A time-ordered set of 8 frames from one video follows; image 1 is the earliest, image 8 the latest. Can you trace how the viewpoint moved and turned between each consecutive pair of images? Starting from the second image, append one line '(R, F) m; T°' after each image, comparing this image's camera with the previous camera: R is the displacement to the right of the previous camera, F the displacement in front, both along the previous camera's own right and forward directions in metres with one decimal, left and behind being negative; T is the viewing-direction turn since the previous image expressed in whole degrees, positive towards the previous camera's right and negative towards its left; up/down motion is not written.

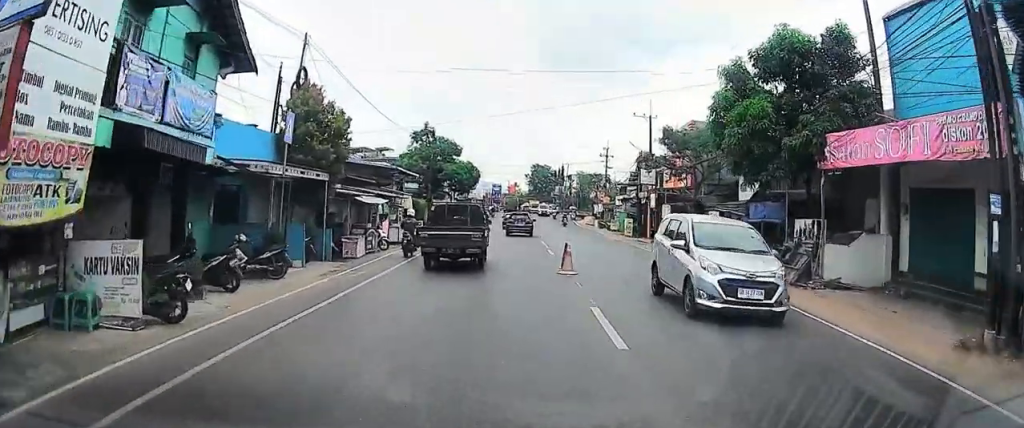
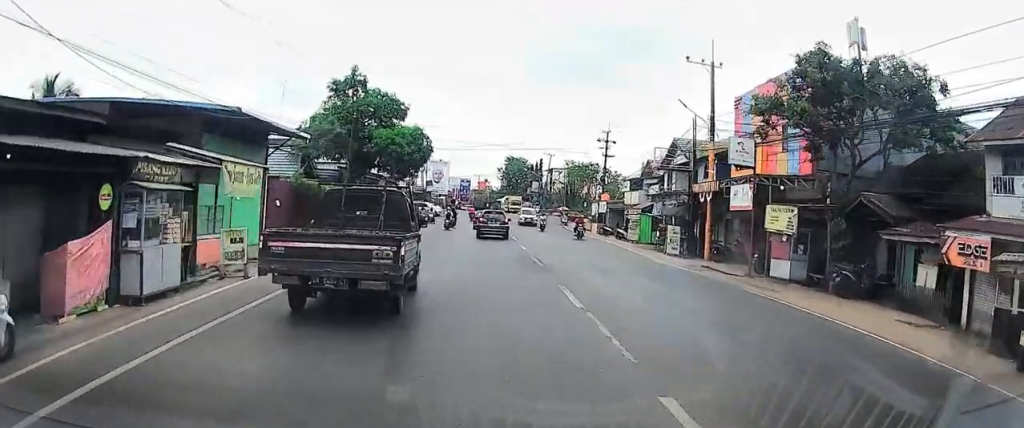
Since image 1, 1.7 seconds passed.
(+0.1, +23.3) m; +1°
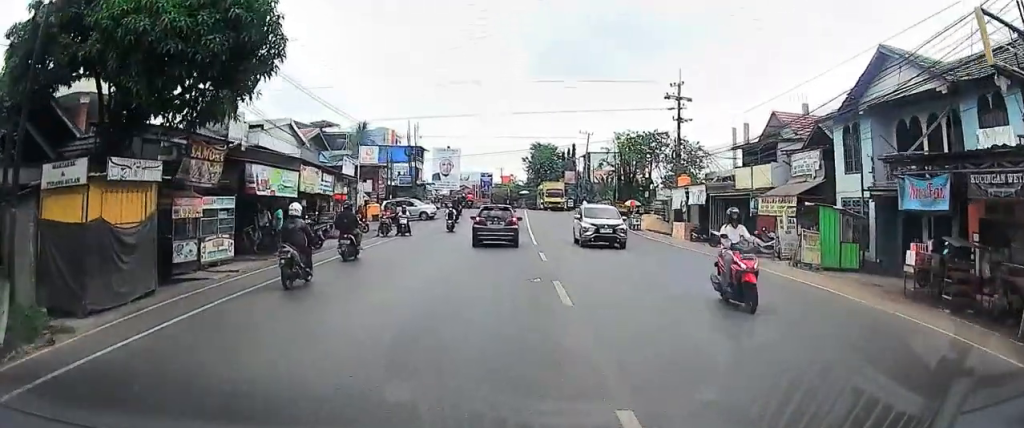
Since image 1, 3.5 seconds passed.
(+0.2, +23.1) m; 0°
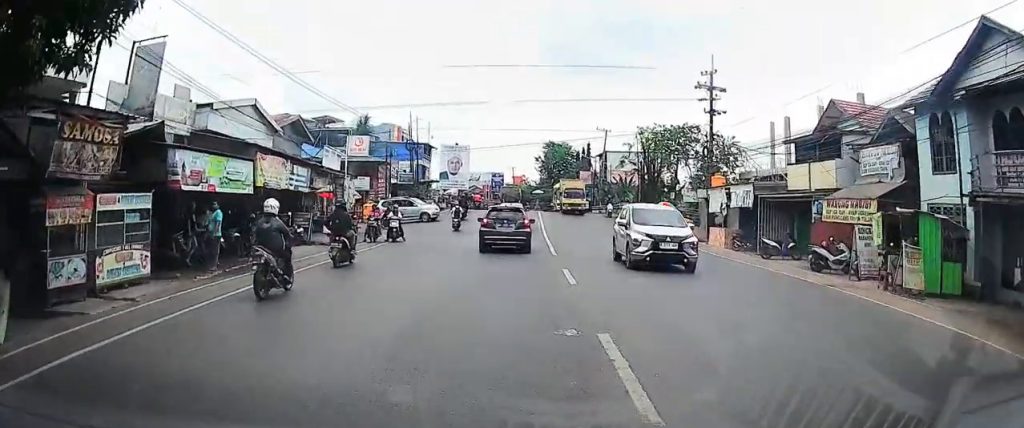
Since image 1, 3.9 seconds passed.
(0.0, +5.0) m; 0°
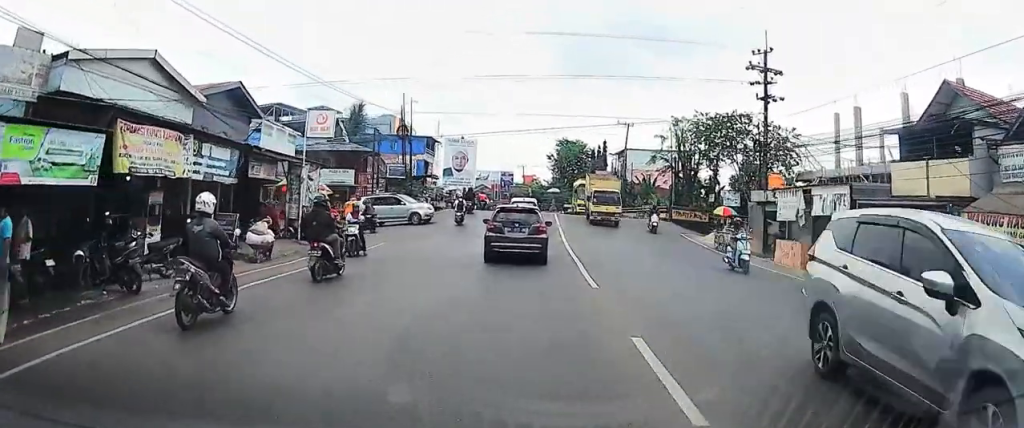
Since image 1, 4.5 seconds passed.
(0.0, +7.9) m; 0°
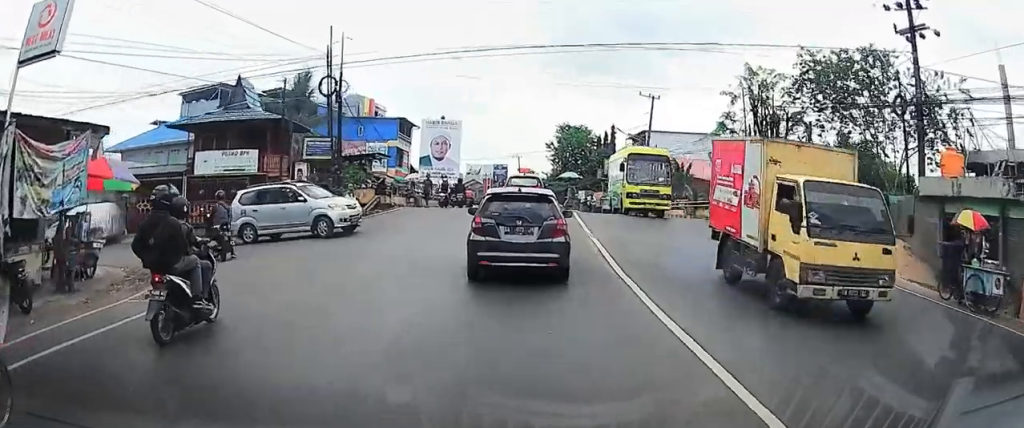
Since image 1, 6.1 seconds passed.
(0.0, +20.5) m; -1°
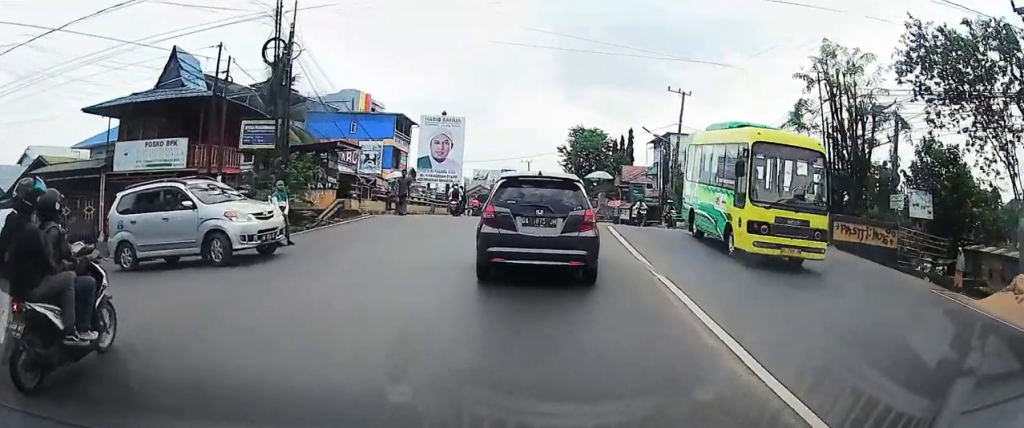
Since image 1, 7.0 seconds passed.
(-0.3, +12.5) m; -2°
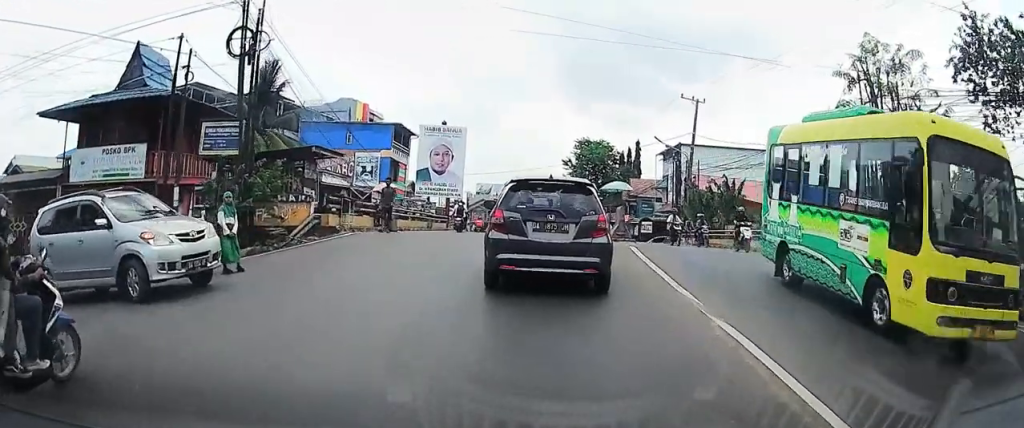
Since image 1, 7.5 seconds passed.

•••••

Take the line containing "Since image 1, 6.1 seconds passed." through the last line of the material and retype exactly those lines, both ends included, with no pictures.

Since image 1, 6.1 seconds passed.
(0.0, +20.5) m; -1°
Since image 1, 7.0 seconds passed.
(-0.3, +12.5) m; -2°
Since image 1, 7.5 seconds passed.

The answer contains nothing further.